Hora de rodar. A primeira impressão dinâmica do novo Citroën ë-C3 é o nível muito alto de conforto, graças ao conjunto com dois batentes hidráulicos por combinação mola/amortecedor. Eles controlam separadamente compressão e retorno, segurando os movimentos verticais da carroceria sem deixar que ela role demais.

Esse recurso já aparece em outros Citroën, mas merece elogio por estar presente em um veículo mais barato - e por ser item de série em todas as versões. Na prática, seja em piso ruim (buracos e ressaltos) ou em sequências de curvas e rotatórias, o C3 não inclina em excesso, mesmo sendo um carro bem alto. Ajuda também o fato de esta versão elétrica ser 300 kg mais pesada do que as a gasolina e usar barras estabilizadoras de maior diâmetro.

Em comportamento, o desempenho modesto de 113 cv/125 Nm acaba ajudando: não surgem perdas de tração fáceis, muito comuns em elétricos com torque alto entregue de forma instantânea às rodas dianteiras. Assim, a tendência a sair de frente ou a fazer as rodas patinarem praticamente não aparece, desde que o asfalto tenha boa aderência.

Ao mesmo tempo, os números contidos não fazem do Citroën ë-C3 um carro “morno” demais. No ambiente dele (a cidade), isso nem se coloca. Ele se mostra esperto e ágil até os 80 km/h e, depois, segue até 135 km/h - é o carro ideal para escapar às multas em autoestrada…

Sigo com avaliação positiva para a direção: tem peso adequado para um carro urbano e, apesar da relação relativamente longa (três voltas de batente a batente), que em curvas mais fechadas pode exigir mais trabalho dos braços do que eu gostaria.

Melhor ainda é o freio.
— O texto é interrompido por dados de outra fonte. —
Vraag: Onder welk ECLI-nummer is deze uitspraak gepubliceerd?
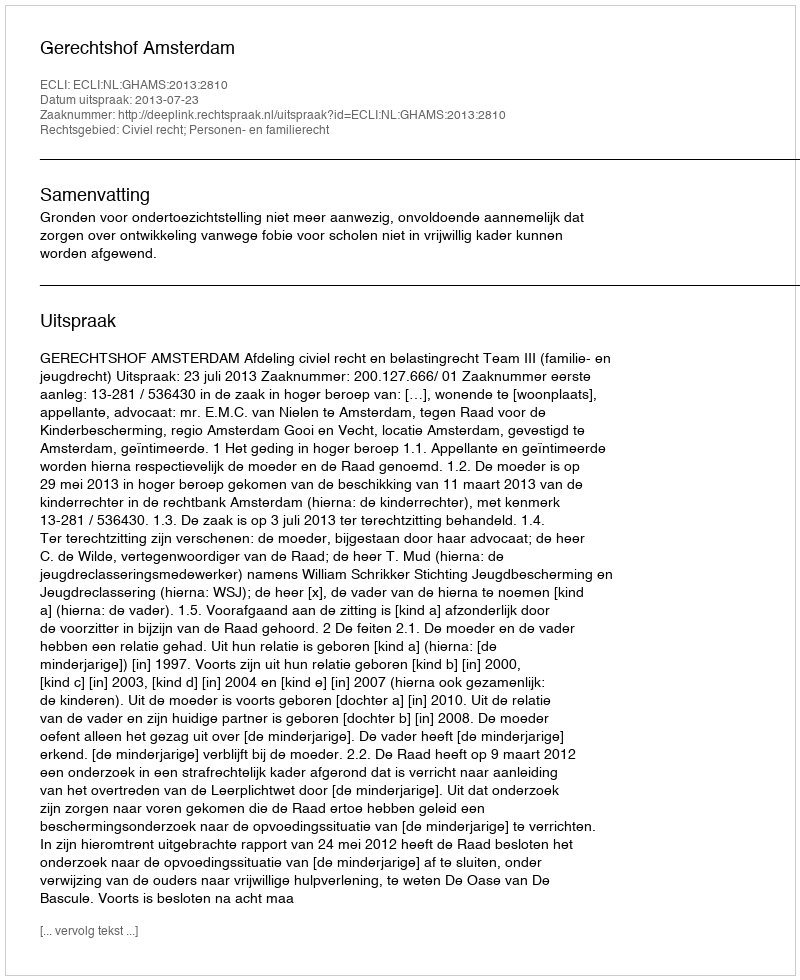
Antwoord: ECLI:NL:GHAMS:2013:2810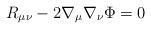
LaTeX: \begin{align*}R_{\mu \nu} -2\nabla_{\mu}\nabla_{\nu}\Phi=0\end{align*}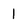
Character: 1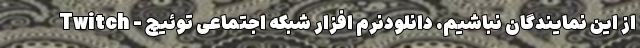
از این نمایندگان نباشیم. دانلودنرم افزار شبکه اجتماعی توئيچ - Twitch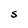
Character: S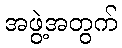
အဖွဲ့အတွက်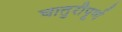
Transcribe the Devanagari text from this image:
चातुरीपूर्ण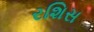
રશિસ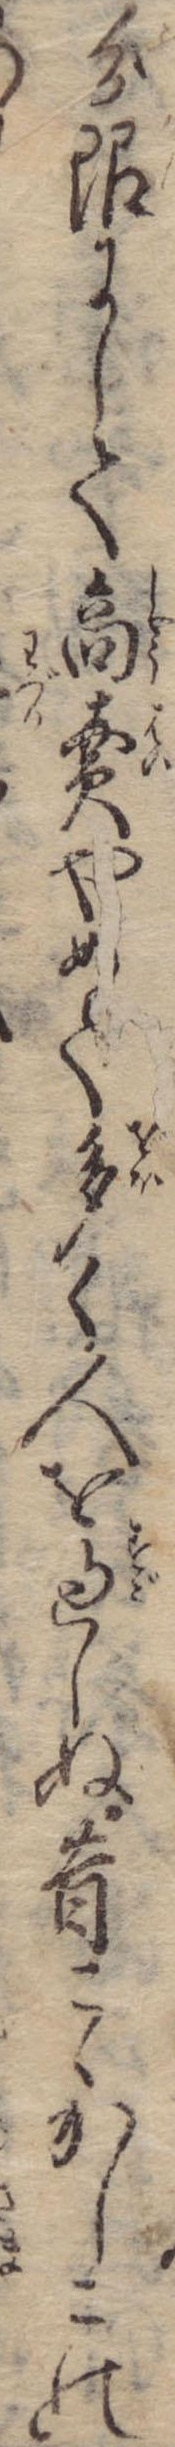
分限にして商売やめて多く人を過しぬ昔こゝかしこの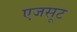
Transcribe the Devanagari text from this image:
एजसूट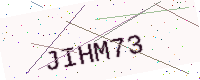
Text: JIHM73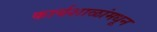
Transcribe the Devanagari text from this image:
कार्यशाळांमधून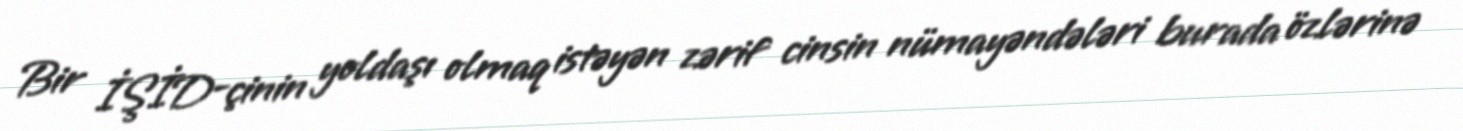
Bir İŞİD-çinin yoldaşı olmaq istəyən zərif cinsin nümayəndələri burada özlərinə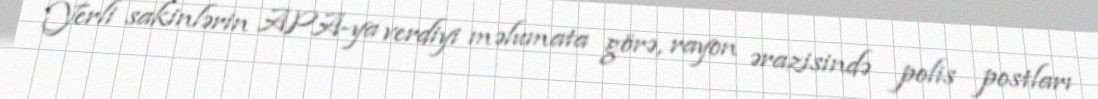
Yerli sakinlərin APA-ya verdiyi məlumata görə, rayon ərazisində polis postları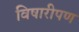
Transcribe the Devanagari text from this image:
विषारीपण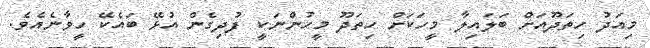
މިއަދު ހިތަދޫއަށް ބަލައިލާ މީހަކަށް ހިތަދޫ މީހުންނަކީ ފުދިގެން އުޅޭ ބައެކޭ ހީވާނެއެވެ.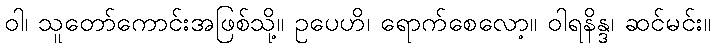
ဝါ၊ သူတော်ကောင်းအဖြစ်သို့။ ဥပေဟိ၊ ရောက်စေလော့။ ဝါရနိန္ဒ၊ ဆင်မင်း။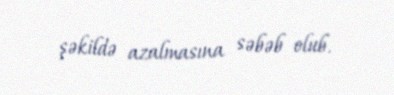
şəkildə azalmasına səbəb olub.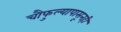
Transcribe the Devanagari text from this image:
चौफुल्यापासूनही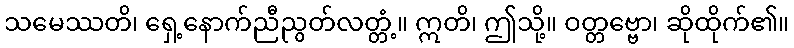
သမေဿတိ၊ ရှေ့နောက်ညီညွတ်လတ္တံ့။ ဣတိ၊ ဤသို့။ ဝတ္တဗ္ဗော၊ ဆိုထိုက်၏။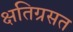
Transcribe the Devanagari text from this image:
क्षतिग्रसत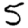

A atuação é progressiva e já aparece no início do curso do pedal, algo que falta em muitos elétricos (inclusive bem mais caros), por não conseguirem casar bem a frenagem regenerativa inicial com a hidráulica.

Sem modos de condução

Em nome da simplicidade, não há modos de condução (cada vez menos relevantes na era da eletromobilidade). Ainda assim, o motorista pode apertar o botão “C”, localizado abaixo da posição “D” do câmbio.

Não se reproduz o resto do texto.